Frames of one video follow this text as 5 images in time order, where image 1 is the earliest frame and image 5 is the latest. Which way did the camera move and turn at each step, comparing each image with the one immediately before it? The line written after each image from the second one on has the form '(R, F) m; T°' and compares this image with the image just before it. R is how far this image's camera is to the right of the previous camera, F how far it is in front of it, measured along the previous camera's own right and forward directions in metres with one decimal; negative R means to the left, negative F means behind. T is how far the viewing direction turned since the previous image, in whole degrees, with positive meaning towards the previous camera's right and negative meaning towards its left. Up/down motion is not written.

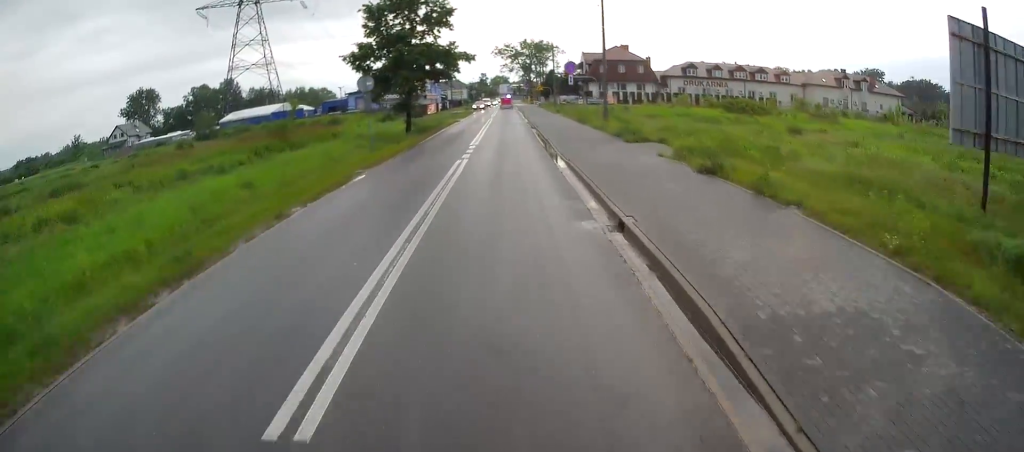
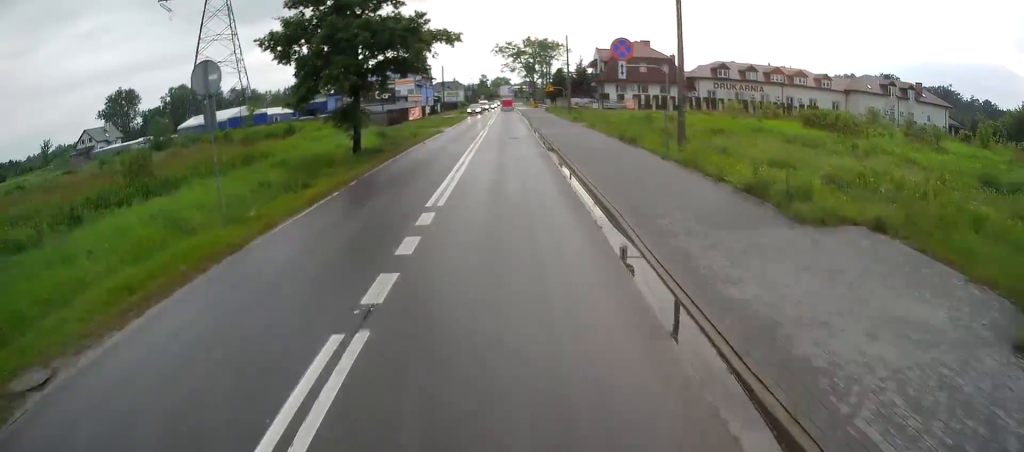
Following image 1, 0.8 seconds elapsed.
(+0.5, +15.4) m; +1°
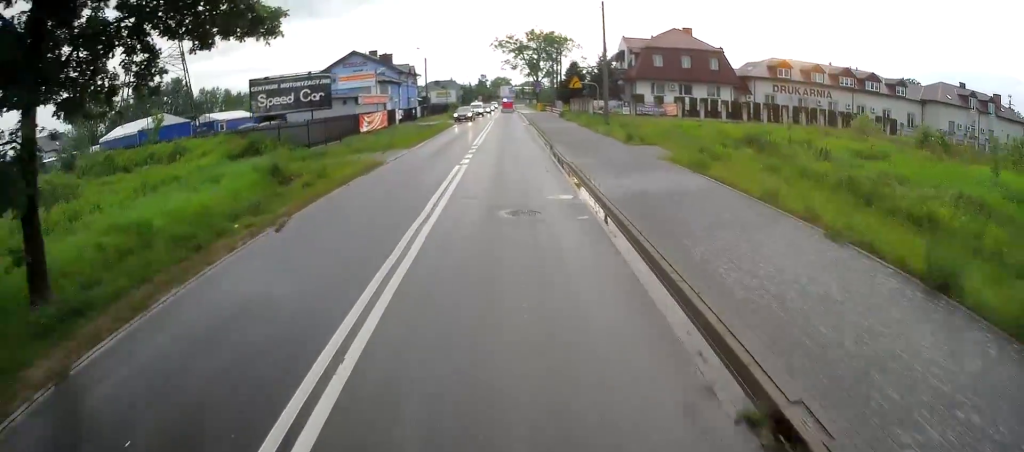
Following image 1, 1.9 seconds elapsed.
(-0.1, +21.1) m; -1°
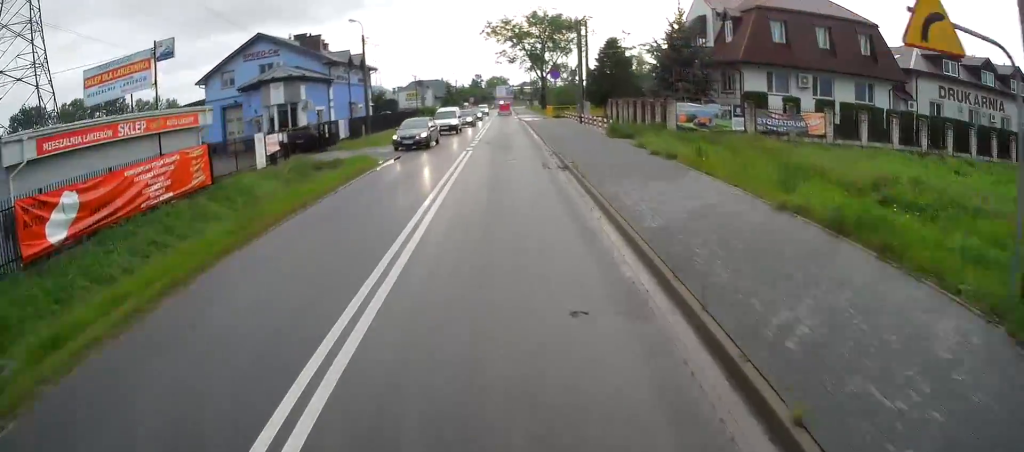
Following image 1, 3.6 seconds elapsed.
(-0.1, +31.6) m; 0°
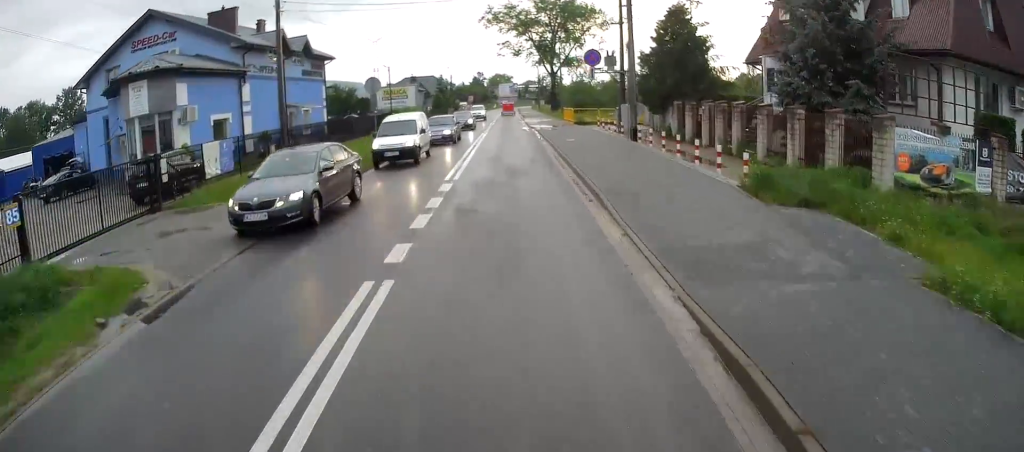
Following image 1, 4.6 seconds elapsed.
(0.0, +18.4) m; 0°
____
→ YOUR GOAL
Quote, please, only the lines running from the one with "Following image 1, 3.6 seconds elapsed." down to the final line of the data above, keeping both ends and skipping the pictures.

→ SOLUTION FOR THIS PROBLEM
Following image 1, 3.6 seconds elapsed.
(-0.1, +31.6) m; 0°
Following image 1, 4.6 seconds elapsed.
(0.0, +18.4) m; 0°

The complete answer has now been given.